Secretary of the Senate of Uruguay
- Incumbent
- Assumed office April 2025

Secretary General of Montevideo
- Incumbent
- Assumed office December 2024

Member of the Chamber of Representatives of Uruguay
- Incumbent
- Assumed office 15 February 2020

Personal details
- Born: 29 November 1981 (age 44) Montevideo, Uruguay
- Party: Colorado Party (Uruguay)

= María Eugenia Roselló =

Uruguayan politician (born 1981)

María Eugenia Roselló (born 29 November 1981) is a Uruguayan civil servant and Colorado Party politician. She has been a Member of the Chamber of Representatives of Uruguay since 2020.

== Biography ==
Roselló has worked as a civil servant at the Solidarity Fund. In 2002, Roselló became a member of the Colorado Party.

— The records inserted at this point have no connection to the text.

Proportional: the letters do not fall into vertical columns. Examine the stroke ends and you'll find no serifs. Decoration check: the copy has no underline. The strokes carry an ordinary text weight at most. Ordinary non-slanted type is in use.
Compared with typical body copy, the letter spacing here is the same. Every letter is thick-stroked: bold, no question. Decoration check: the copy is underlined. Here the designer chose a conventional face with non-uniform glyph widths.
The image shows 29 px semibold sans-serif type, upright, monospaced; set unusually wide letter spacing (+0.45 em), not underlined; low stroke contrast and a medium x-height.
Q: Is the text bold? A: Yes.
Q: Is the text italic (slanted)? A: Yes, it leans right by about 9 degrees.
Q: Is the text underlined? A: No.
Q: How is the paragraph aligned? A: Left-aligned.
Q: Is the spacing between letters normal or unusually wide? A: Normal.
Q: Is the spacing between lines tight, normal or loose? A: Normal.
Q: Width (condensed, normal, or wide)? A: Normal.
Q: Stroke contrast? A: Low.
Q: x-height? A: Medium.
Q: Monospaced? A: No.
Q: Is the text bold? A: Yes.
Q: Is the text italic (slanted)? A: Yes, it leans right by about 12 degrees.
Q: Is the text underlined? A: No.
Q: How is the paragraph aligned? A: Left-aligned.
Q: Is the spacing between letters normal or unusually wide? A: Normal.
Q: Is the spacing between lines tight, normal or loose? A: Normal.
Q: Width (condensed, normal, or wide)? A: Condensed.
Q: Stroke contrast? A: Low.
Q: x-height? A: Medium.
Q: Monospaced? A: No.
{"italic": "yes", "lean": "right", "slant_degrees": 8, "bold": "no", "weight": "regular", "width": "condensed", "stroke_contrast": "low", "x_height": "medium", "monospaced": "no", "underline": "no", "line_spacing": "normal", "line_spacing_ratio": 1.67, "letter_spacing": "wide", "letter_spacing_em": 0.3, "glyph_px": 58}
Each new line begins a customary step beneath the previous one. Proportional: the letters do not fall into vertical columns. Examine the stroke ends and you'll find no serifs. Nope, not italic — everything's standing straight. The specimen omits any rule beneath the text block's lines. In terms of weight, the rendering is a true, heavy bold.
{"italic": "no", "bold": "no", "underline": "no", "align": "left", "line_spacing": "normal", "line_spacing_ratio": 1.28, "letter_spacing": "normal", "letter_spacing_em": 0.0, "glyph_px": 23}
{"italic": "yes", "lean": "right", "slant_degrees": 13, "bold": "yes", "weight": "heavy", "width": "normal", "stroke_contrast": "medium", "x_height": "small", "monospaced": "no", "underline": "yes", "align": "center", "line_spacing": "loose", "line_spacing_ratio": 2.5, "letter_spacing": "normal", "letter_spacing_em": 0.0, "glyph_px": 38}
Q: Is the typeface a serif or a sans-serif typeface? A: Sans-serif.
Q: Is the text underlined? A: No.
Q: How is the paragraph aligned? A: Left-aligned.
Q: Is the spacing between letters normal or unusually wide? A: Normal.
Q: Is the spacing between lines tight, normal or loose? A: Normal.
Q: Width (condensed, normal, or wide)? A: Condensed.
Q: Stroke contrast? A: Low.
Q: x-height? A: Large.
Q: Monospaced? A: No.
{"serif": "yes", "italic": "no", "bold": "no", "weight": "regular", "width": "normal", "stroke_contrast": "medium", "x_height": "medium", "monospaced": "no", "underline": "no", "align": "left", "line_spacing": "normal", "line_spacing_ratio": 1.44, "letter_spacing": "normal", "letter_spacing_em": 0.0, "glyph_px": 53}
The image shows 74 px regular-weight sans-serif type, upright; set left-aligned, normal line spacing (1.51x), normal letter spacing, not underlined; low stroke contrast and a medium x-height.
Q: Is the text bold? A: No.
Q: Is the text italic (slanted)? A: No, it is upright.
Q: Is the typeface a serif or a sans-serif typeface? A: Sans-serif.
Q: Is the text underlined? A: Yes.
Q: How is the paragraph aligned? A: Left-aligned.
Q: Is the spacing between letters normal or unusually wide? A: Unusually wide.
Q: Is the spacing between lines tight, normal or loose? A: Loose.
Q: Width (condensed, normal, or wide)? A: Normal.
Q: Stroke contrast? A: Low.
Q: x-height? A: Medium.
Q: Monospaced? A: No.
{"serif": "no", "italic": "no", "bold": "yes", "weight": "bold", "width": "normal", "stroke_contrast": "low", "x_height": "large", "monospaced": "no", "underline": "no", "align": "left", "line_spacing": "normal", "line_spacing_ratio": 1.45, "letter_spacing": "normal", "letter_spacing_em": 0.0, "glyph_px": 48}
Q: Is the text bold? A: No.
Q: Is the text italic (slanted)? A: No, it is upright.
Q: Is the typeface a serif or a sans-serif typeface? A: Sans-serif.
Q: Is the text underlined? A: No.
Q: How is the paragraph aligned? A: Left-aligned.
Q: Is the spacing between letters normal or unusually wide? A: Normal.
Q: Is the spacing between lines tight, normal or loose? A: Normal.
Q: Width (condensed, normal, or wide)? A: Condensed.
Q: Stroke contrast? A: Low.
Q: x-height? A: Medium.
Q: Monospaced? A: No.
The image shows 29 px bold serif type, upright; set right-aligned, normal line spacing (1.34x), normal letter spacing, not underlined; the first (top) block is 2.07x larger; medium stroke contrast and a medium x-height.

Since the 2019 Uruguayan general election, Roselló has been a Member of the Chamber of Representatives of Uruguay in the 49th Legislature of the Chamber of Deputies of Uruguay. She has presented bills to the Chamber regarding menstrual products, sex work, and the right to access assisted reproduction treatments in the country.

In December 2024, Roselló was appointed as Secretary General of Montevideo by the Departmental Executive Committee (CED) of the Colorado Party.

In April 2025, she became Secretary of the Senate of Uruguay.